**THE PROBLEM:**
Write out each entry below exactly; the images do not belong in your copy.

LISTED RECORDS Block Start

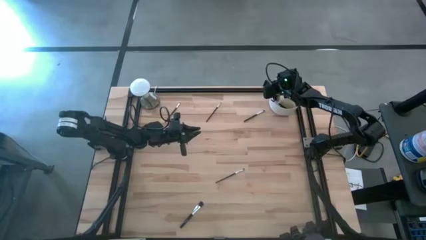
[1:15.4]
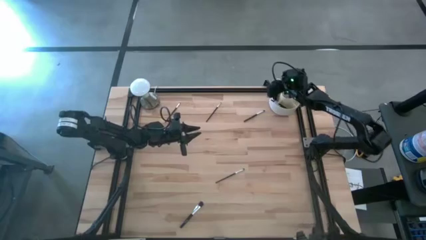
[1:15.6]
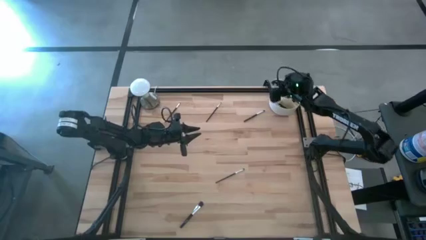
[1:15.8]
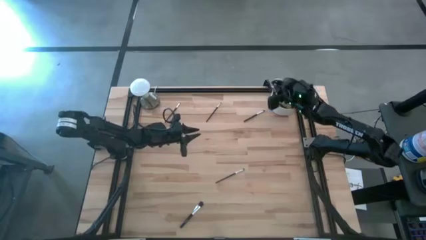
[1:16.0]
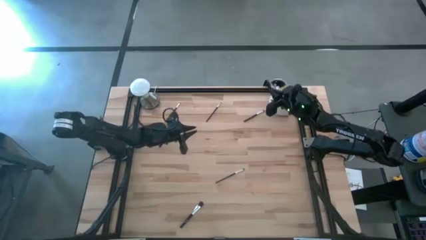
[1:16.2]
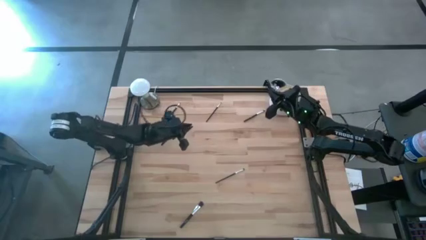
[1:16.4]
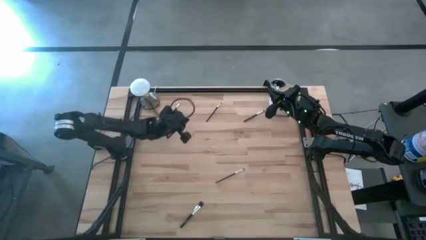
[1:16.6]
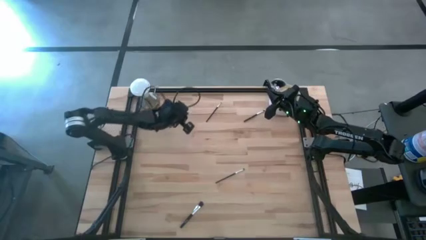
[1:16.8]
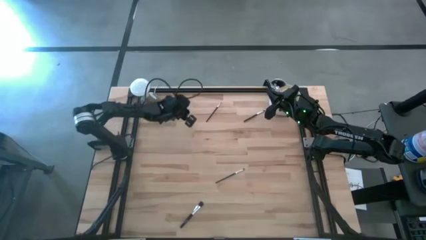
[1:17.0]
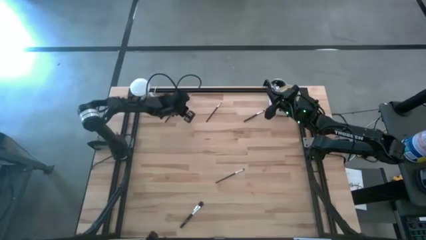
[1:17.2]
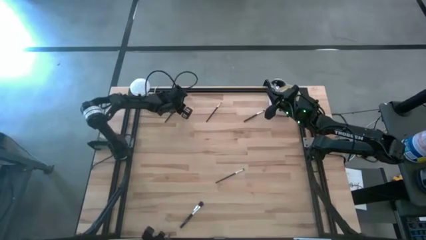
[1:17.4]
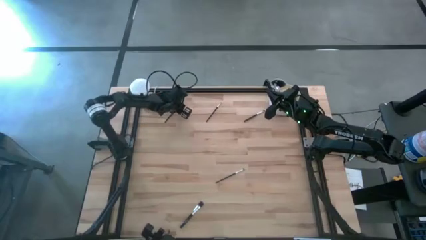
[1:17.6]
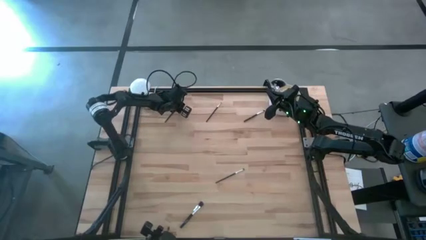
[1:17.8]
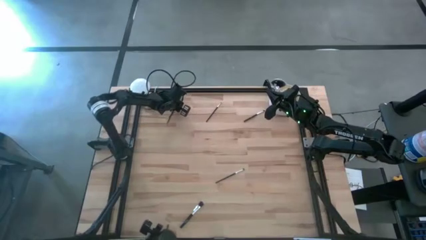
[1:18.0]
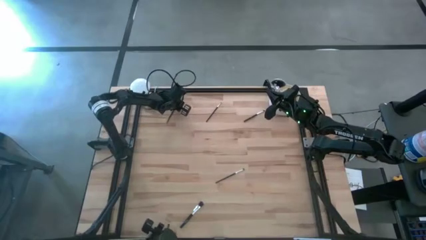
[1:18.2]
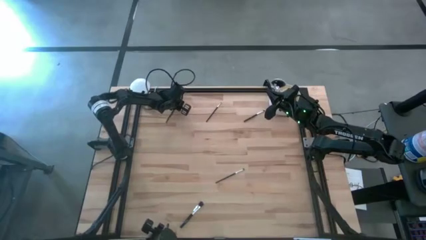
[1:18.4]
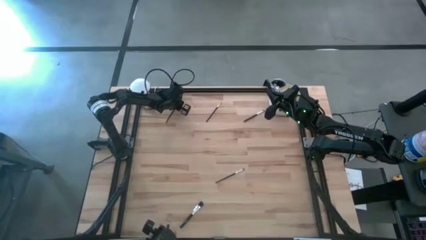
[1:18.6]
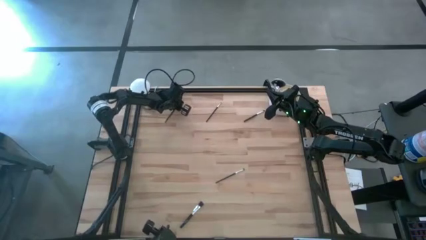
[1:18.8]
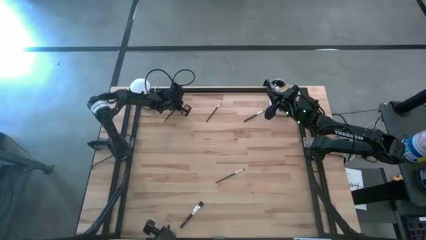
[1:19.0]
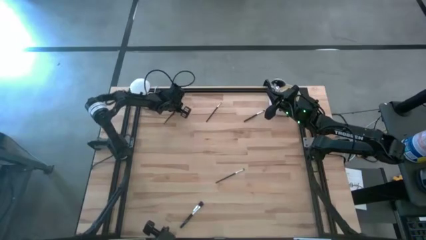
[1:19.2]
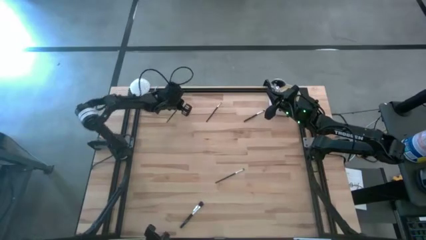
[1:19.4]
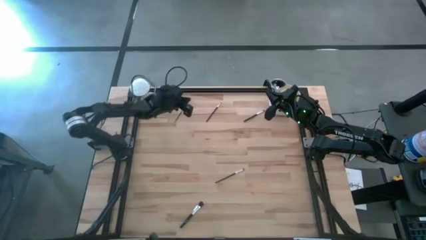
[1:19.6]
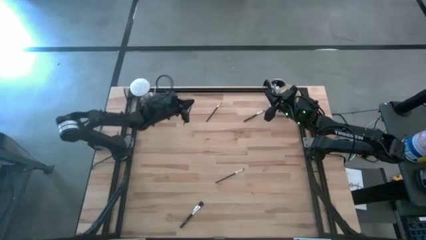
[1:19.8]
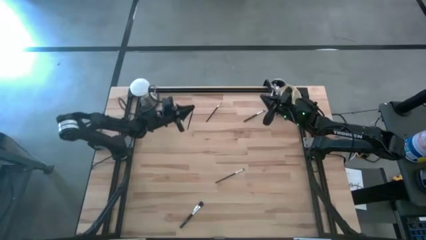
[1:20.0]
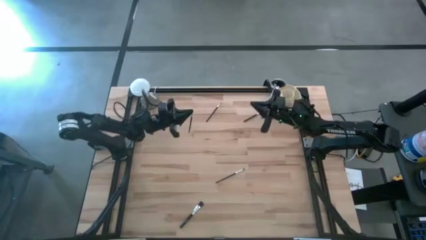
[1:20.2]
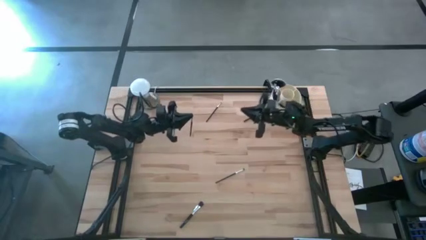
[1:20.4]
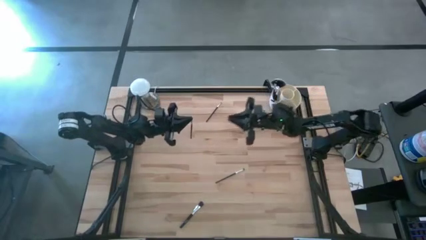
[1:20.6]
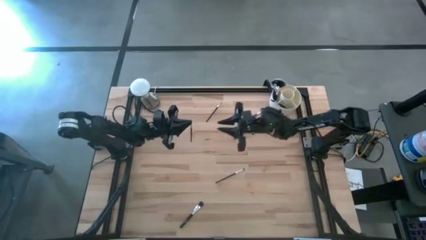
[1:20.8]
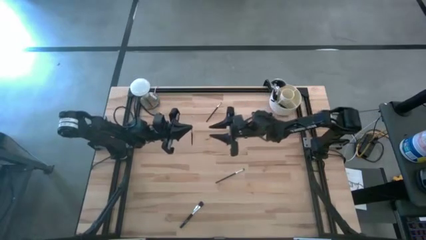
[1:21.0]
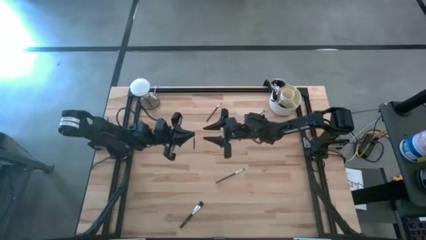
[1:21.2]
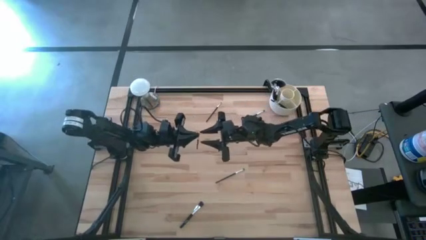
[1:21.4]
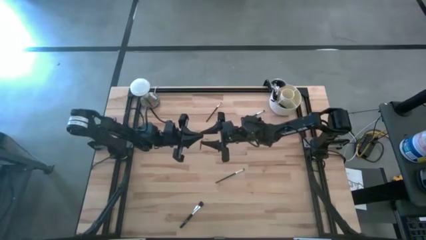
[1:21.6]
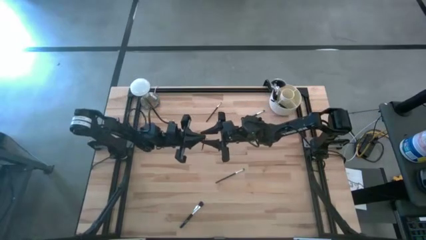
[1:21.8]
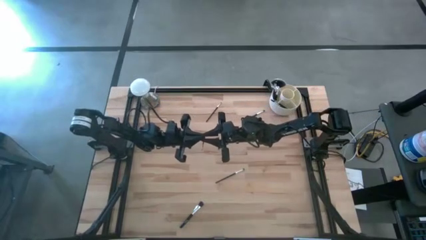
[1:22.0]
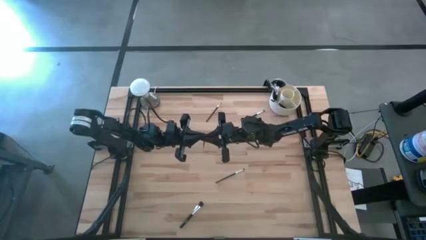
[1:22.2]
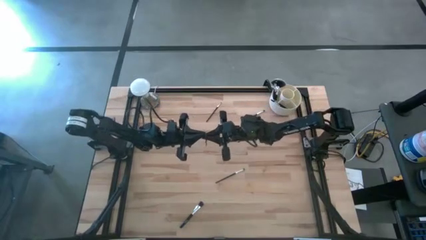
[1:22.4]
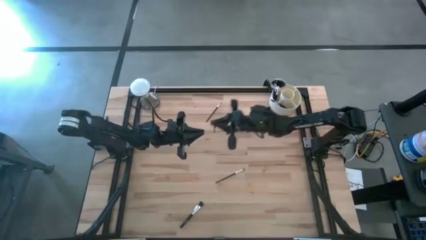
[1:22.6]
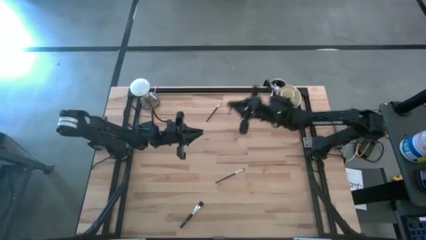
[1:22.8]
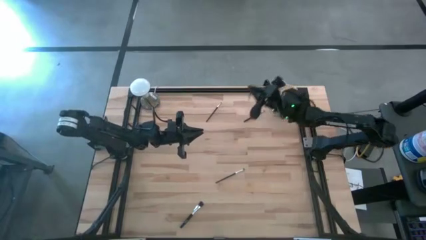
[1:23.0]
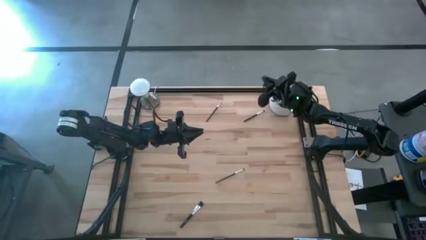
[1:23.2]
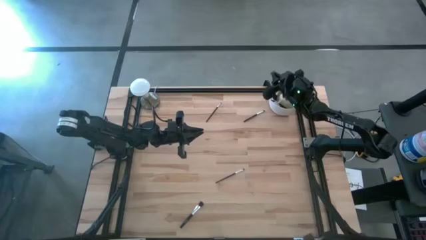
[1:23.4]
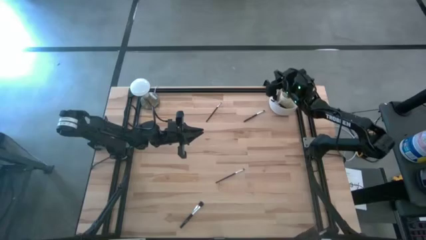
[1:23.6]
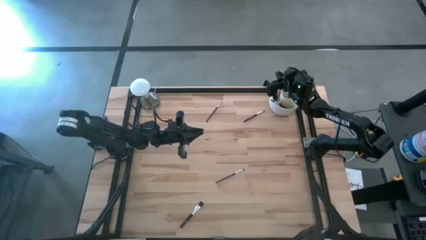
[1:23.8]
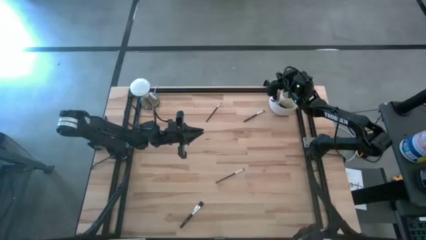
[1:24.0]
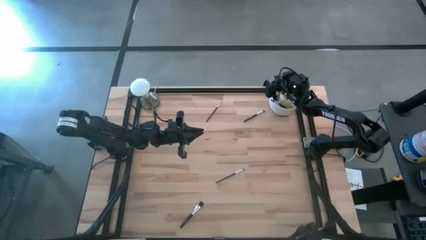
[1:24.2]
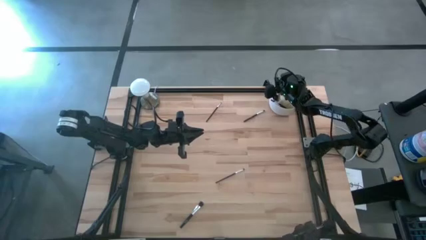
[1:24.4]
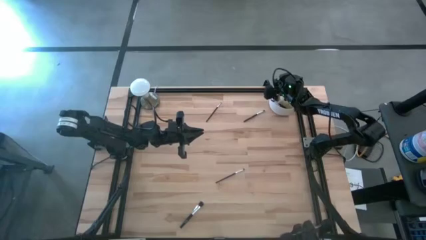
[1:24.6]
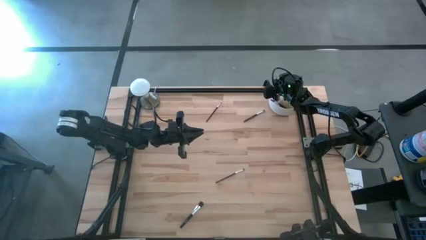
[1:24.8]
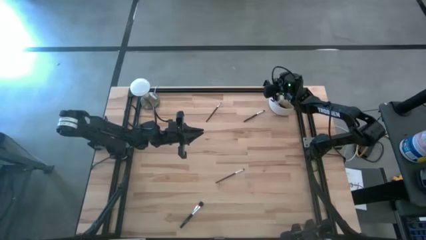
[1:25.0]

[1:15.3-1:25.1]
Task: Put items in baskets/containers
Put the black eyeshadow brush into the white organizer

LISTED RECORDS Block End

**TASK OUTPUT:**
[1:15.4]
[1:15.6]
[1:15.8]
[1:16.0]
[1:16.2]
[1:16.4]
[1:16.6]
[1:16.8]
[1:17.0]
[1:17.2]
[1:17.4]
[1:17.6]
[1:17.8]
[1:18.0]
[1:18.2]
[1:18.4]
[1:18.6]
[1:18.8]
[1:19.0]
[1:19.2]
[1:19.4]
[1:19.6]
[1:19.8]
[1:20.0]
[1:20.2]
[1:20.4]
[1:20.6]
[1:20.8]
[1:21.0]
[1:21.2]
[1:21.4]
[1:21.6]
[1:21.8]
[1:22.0]
[1:22.2]
[1:22.4]
[1:22.6]
[1:22.8]
[1:23.0]
[1:23.2]
[1:23.4]
[1:23.6]
[1:23.8]
[1:24.0]
[1:24.2]
[1:24.4]
[1:24.6]
[1:24.8]
[1:25.0]

[1:15.3-1:25.1]
Task: Put items in baskets/containers
Put the black eyeshadow brush into the white organizer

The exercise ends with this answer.